Camille O’Sullivan bei der jazzopen Stuttgart 2019

Camille O’Sullivan – vocals
Feargal Murray – piano
Paul Byrne – drums
Steven Fraser – guitar

Stuttgart, 11.7.2019

Ein ergreifendes Konzertereignis

Die diesjährigen Stuttgarter jazzopen boten eine ungewöhnliche Vielzahl weiblicher Sängerinnen; und als im BIX die irische Sängerin Camille O´Sullivan auftrat, kam eine ganz eigene Stilrichtung auf die Bühne, die vollkommen unverwechselbar und authentisch klang. Begleitet von Feargal Murray am Piano, von Paul Byrne am Schlagzeug und von Steven Fraser an der Gitarre war die 44jährige Künstlerin als „Gänsehaut erzeugend“ angekündigt worden. Um es vorweg zu nehmen: dieser Anspruch wurde voll und ganz erfüllt!

Die Tochter eines irischen Rennfahrers und einer französischen Künstlerin hat ihre musikalischen Wurzeln im Interesse für Hanns Eissler und Kurt Weil und feierte ihre ersten Erfolge mit Interpretationen von Jacques Brel.

Für den Abend im BIX hatte sie jedoch Lieder von Bob Dylan, Nick Cave, David Bowie und Leonard Cohen dabei. Camille O´Sullivan steht nicht ruhig auf der Bühne und trägt Lieder vor, nein, sie inszeniert sie, erleidet sie und gibt dabei alles: sie flüstert, haucht, schreit, jammert und tobt und sie bringt dadurch die Inhalte der Songs auf eine atemberaubende Weise ans Publikum heran, dass niemand unberührt bleibt.
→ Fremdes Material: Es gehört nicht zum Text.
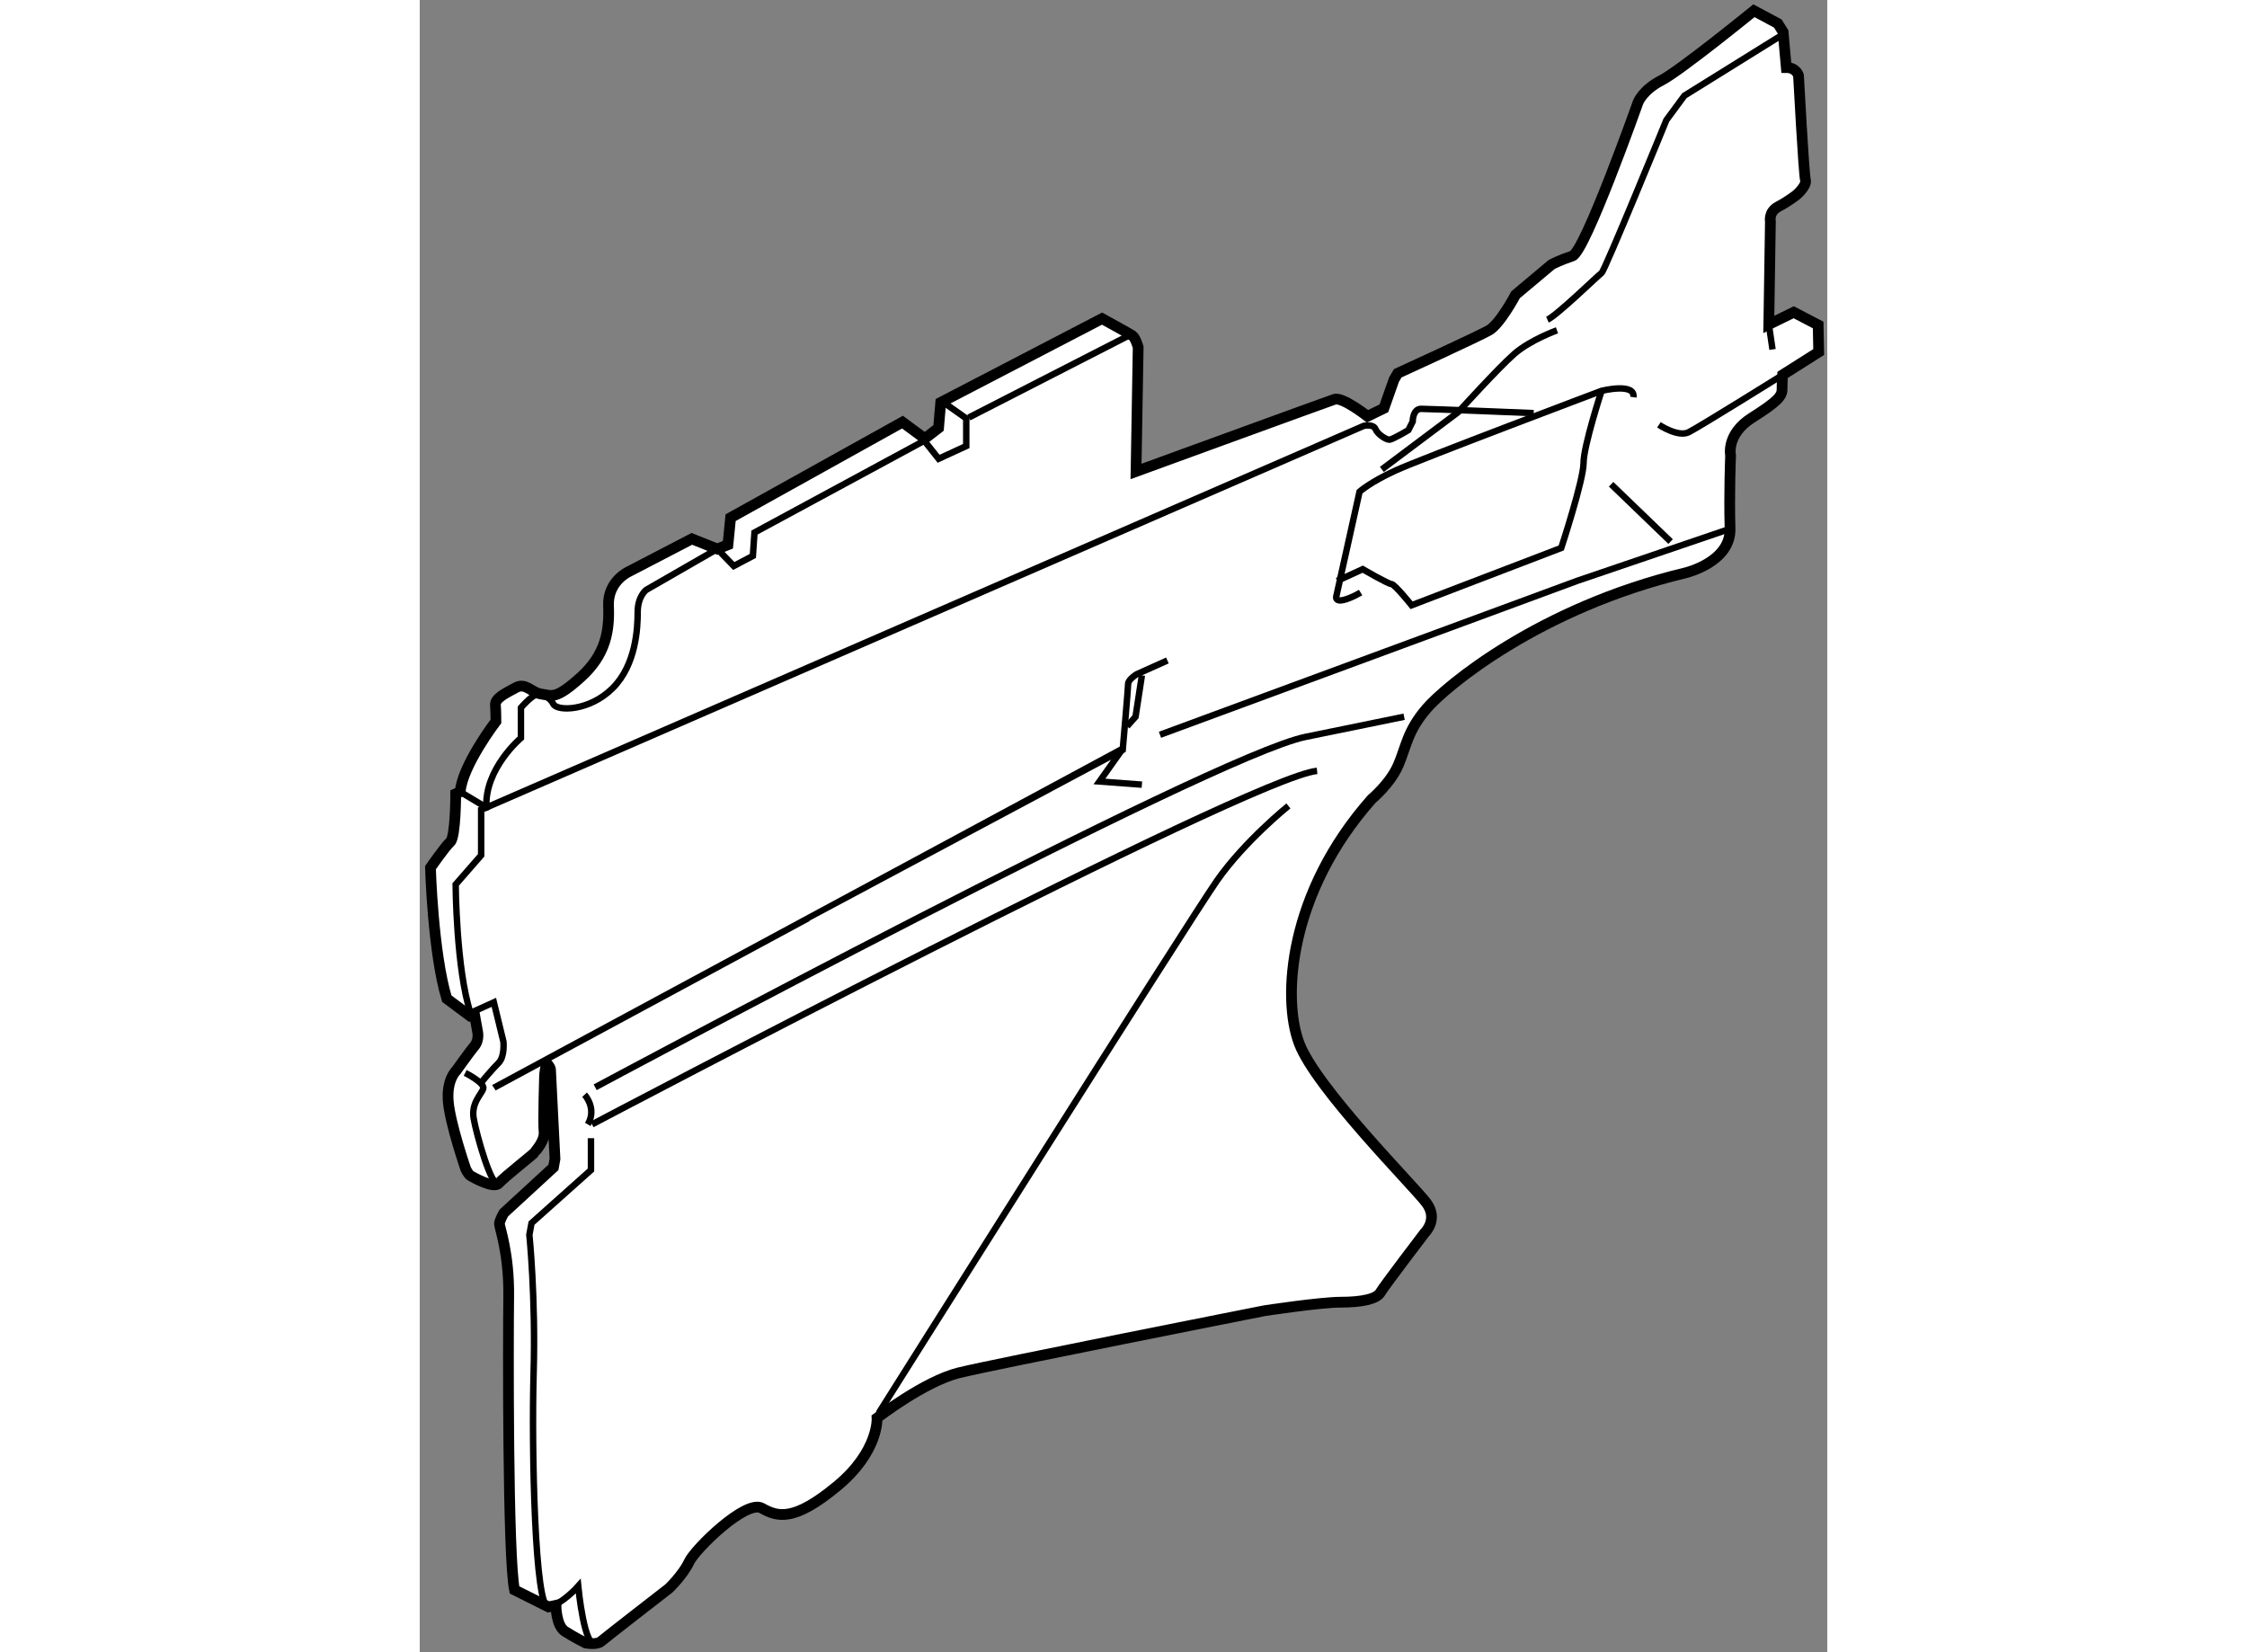 <?xml version="1.0" encoding="utf-8"?>
<!-- Generator: Adobe Illustrator 15.1.0, SVG Export Plug-In . SVG Version: 6.00 Build 0)  -->
<!DOCTYPE svg PUBLIC "-//W3C//DTD SVG 1.1//EN" "http://www.w3.org/Graphics/SVG/1.1/DTD/svg11.dtd">
<svg version="1.1" xmlns="http://www.w3.org/2000/svg" xmlns:xlink="http://www.w3.org/1999/xlink" x="0px" y="0px" width="244.8px"
	 height="180px" viewBox="32.797 29.104 65.517 76.904" enable-background="new 0 0 244.8 180" xml:space="preserve">
	
<rect x="32.797" y="29.104" width="65.517" height="76.904" fill="#808080" stroke="none"/>
	
<g><path fill="#FFFFFF" stroke="#000000" stroke-width="0.5" d="M45.465,54.185l-2.933,1.524c0,0-0.992,0.438-0.947,1.593
			c0.046,1.154-0.116,2.262-1.292,3.324c-1.178,1.062-1.34,0.854-1.824,0.785c-0.485-0.068-0.738-0.554-1.2-0.299
			c-0.462,0.254-0.97,0.484-0.948,0.807c0.023,0.324,0.023,0.763,0.023,0.763s-1.57,2.055-1.662,3.278l-0.209,0.093
			c0,0,0,2.008-0.253,2.239c-0.255,0.23-0.923,1.201-0.923,1.201s0.113,3.972,0.761,6.095l1.085,0.809l0.208-0.047l0.138,0.762
			c0,0,0.093,0.395-0.138,0.671c-0.231,0.277-0.854,1.154-0.854,1.154s-0.463,0.415-0.37,1.454c0.093,1.038,0.809,3.118,0.809,3.118
			s0.115,0.254,0.23,0.322c0.116,0.069,1.086,0.623,1.317,0.346c0.23-0.276,1.662-1.385,1.685-1.454
			c0.024-0.068,0.463-0.509,0.417-0.945c-0.047-0.44,0.023-2.609,0.023-2.609s0.045-0.647,0.161-0.509
			c0.116,0.139,0.116,0.231,0.116,0.231l0.208,4.154l-0.071,0.394l-2.308,2.124c0,0-0.206,0.346-0.206,0.508
			s0.455,1.373,0.431,3.374c-0.025,2.002-0.048,12.156,0.271,13.664l1.582,0.79l0.346-0.075c0,0-0.001,0.94,0.418,1.212
			c0.42,0.272,0.964,0.544,0.964,0.544s0.518,0.099,0.716-0.074c0.199-0.173,3.163-2.471,3.163-2.471s0.667-0.644,0.938-1.235
			c0.274-0.593,2.646-2.917,3.387-2.496c0.742,0.421,1.507,0.618,3.483-1.013c1.978-1.631,1.877-3.187,1.877-3.187
			s2.201-1.705,3.806-2.101c1.606-0.396,14.231-2.891,14.231-2.891s2.595-0.396,3.556-0.396c0.964,0,1.657-0.148,1.83-0.444
			c0.171-0.297,2.075-2.792,2.075-2.792s0.644-0.617,0.075-1.383c-0.568-0.768-5.139-5.338-5.929-7.438
			c-0.792-2.1-0.495-6.992,3.383-11.365c0,0,0.864-0.716,1.236-1.582s0.419-1.582,1.309-2.619c0.889-1.038,5.237-4.694,12.057-6.325
			c0,0,2.125-0.495,2.075-2.076c-0.049-1.581,0.025-3.385,0.025-3.385s-0.222-0.987,0.987-1.753
			c1.211-0.766,1.409-1.013,1.409-1.334c0-0.322,0.025-0.667,0.025-0.667l1.68-1.063l-0.025-1.259l-1.137-0.593l-1.16,0.567
			l0.074-4.792c0,0-0.1-0.445,0.37-0.693c0.469-0.247,0.841-0.542,0.841-0.542s0.494-0.42,0.42-0.692
			c-0.076-0.272-0.323-4.867-0.323-4.867s-0.101-0.37-0.568-0.37l-0.148-1.656l-0.248-0.396l-1.111-0.593
			c0,0-3.435,2.792-4.298,3.237c-0.867,0.444-1.09,1.013-1.09,1.013s-2.469,6.967-3.063,7.165c-0.593,0.197-0.963,0.395-0.963,0.395
			l-1.679,1.408c0,0-0.718,1.359-1.236,1.656c-0.519,0.296-4.25,2.001-4.25,2.001l-0.174,0.296l-0.47,1.334l-0.763,0.371
			c0,0-1.163-0.913-1.534-0.791c-0.369,0.123-9.24,3.36-9.24,3.36l0.099-5.781c0,0-0.123-0.446-0.271-0.543
			c-0.149-0.099-1.409-0.791-1.409-0.791l-7.51,3.903l-0.101,1.186l-0.641,0.495l-1.038-0.766L47.268,53.2l-0.125,1.261
			l-0.495,0.197L45.465,54.185z"></path><path fill="none" stroke="#000000" stroke-width="0.3" d="M57.223,47.864l1.013,0.716v1.285l-1.286,0.593l-0.667-0.84
			l-7.904,4.274l-0.075,1.087l-0.889,0.47l-0.767-0.792l-3.31,1.904c0,0-0.396,0.296-0.396,1.037s-0.075,2.444-1.161,3.533
			c-1.086,1.087-2.594,1.087-2.766,0.742c-0.173-0.347-0.57-0.495-0.816-0.42c-0.246,0.074-0.691,0.593-0.691,0.593v1.408
			c0,0-1.704,1.432-1.607,3.237l-0.245,0.099v2.124l-1.187,1.36c0,0,0.024,3.928,0.691,5.978l1.087-0.493l0.445,1.828
			c0,0,0.074,0.691-0.222,0.988c-0.297,0.296-0.792,0.89-0.792,0.89"></path><path fill="none" stroke="#000000" stroke-width="0.3" d="M34.913,79.043c0,0,0.938,0.47,0.841,0.741
			c-0.098,0.272-0.568,0.668-0.445,1.384c0.123,0.717,0.845,3.325,1.175,3.009"></path><path fill="none" stroke="#000000" stroke-width="0.3" d="M34.683,65.96l1.218,0.73L76.74,48.926c0,0,0.444-0.099,0.544,0.148
			c0.099,0.247,0.494,0.495,0.643,0.495s0.889-0.446,0.889-0.446l0.199-0.396c0,0,0-0.593,0.394-0.593
			c0.395,0,5.238,0.199,5.238,0.199"></path><line fill="none" stroke="#000000" stroke-width="0.3" x1="88.252" y1="51.644" x2="91.021" y2="54.312"></line><path fill="none" stroke="#000000" stroke-width="0.3" d="M96.11,30.792l-4.448,2.766l-0.838,1.137c0,0-2.868,7.017-3.016,7.115
			c-0.148,0.1-2.075,1.977-2.52,2.174"></path><path fill="none" stroke="#000000" stroke-width="0.3" d="M85.733,44.479c0,0-1.234,0.444-1.976,1.087
			c-0.74,0.643-2.619,2.718-2.619,2.718l-3.558,2.669"></path><path fill="none" stroke="#000000" stroke-width="0.3" d="M89.29,47.592c0.099-0.692-1.482-0.296-1.482-0.296
			s-8.4,3.163-9.585,3.706c-1.188,0.544-1.68,0.988-1.68,0.988l-1.087,4.892c0,0-0.051,0.247,0.345,0.148
			c0.396-0.1,0.791-0.347,0.791-0.347"></path><path fill="none" stroke="#000000" stroke-width="0.3" d="M87.808,47.296c0,0-0.839,2.57-0.839,3.36
			c0,0.791-1.038,3.953-1.038,3.953l-6.966,2.668c0,0-0.792-0.988-0.94-0.988c-0.147,0-1.334-0.692-1.334-0.692l-1.187,0.544"></path><path fill="none" stroke="#000000" stroke-width="0.3" d="M90.477,48.877c0,0,0.889,0.593,1.384,0.346
			c0.495-0.247,4.375-2.667,4.375-2.667"></path><line fill="none" stroke="#000000" stroke-width="0.3" x1="95.594" y1="44.207" x2="95.765" y2="45.369"></line><polyline fill="none" stroke="#000000" stroke-width="0.3" points="93.64,53.768 86.672,56.14 67.253,63.305 		"></polyline><path fill="none" stroke="#000000" stroke-width="0.3" d="M67.599,59.846l-1.433,0.643c0,0-0.395,0.247-0.395,0.445
			c0,0.197-0.247,3.014-0.247,3.014S36.321,79.687,36.248,79.735"></path><polyline fill="none" stroke="#000000" stroke-width="0.3" points="65.524,63.948 64.436,65.479 66.412,65.627 		"></polyline><polyline fill="none" stroke="#000000" stroke-width="0.3" points="66.412,60.539 66.116,62.465 65.72,62.91 		"></polyline><path fill="none" stroke="#000000" stroke-width="0.3" d="M40.964,79.712c0,0,28.709-15.418,33.058-16.307
			c4.35-0.89,4.595-0.94,4.595-0.94"></path><path fill="none" stroke="#000000" stroke-width="0.3" d="M40.817,81.439c0,0,30.637-16.157,33.749-16.454"></path><path fill="none" stroke="#000000" stroke-width="0.3" d="M40.471,80.057c0,0,0.593,0.643,0.148,1.383"></path><path fill="none" stroke="#000000" stroke-width="0.3" d="M40.768,82.082v1.482l-2.767,2.471l-0.1,0.544
			c0,0,0.298,2.915,0.198,6.424c-0.099,3.509,0.052,11.019,0.693,10.896c0.641-0.123,1.382-0.964,1.382-0.964
			s0.296,3.063,0.841,2.619"></path><path fill="none" stroke="#000000" stroke-width="0.3" d="M73.232,66.616c0,0-2.027,1.63-3.311,3.459
			c-1.285,1.828-15.763,24.806-15.763,24.806"></path><line fill="none" stroke="#000000" stroke-width="0.3" x1="58.357" y1="48.537" x2="65.808" y2="44.72"></line></g>


</svg>

Die Palette bietet alles von unbegleitetem Gesang in „Port of Amsterdam“ bis zu lauten Rockpassagen in „Don´t think twice„. Sie verausgabt sich dabei so sehr, dass sie am Ende der Show außer Atem, zerzaust und mit verlaufener Schminke dasteht. Wenn man sich die Reihe der Komponisten ansieht, dann wird auch deutlich, dass es sich bei den Liedern nicht um leichte Kost handeln kann: teilweise sehr düster und abgründig, wobei Camille O´Sullivan die jeweiligen Inhalte mit ihrer Interpretation sehr genau traf und immer absolut authentisch wirkte.

Ein sehr spezielles und ergreifendes Konzertereignis, das unter die Haut ging – für Menschen, die zu Depressionen neigen, eher nicht zu empfehlen.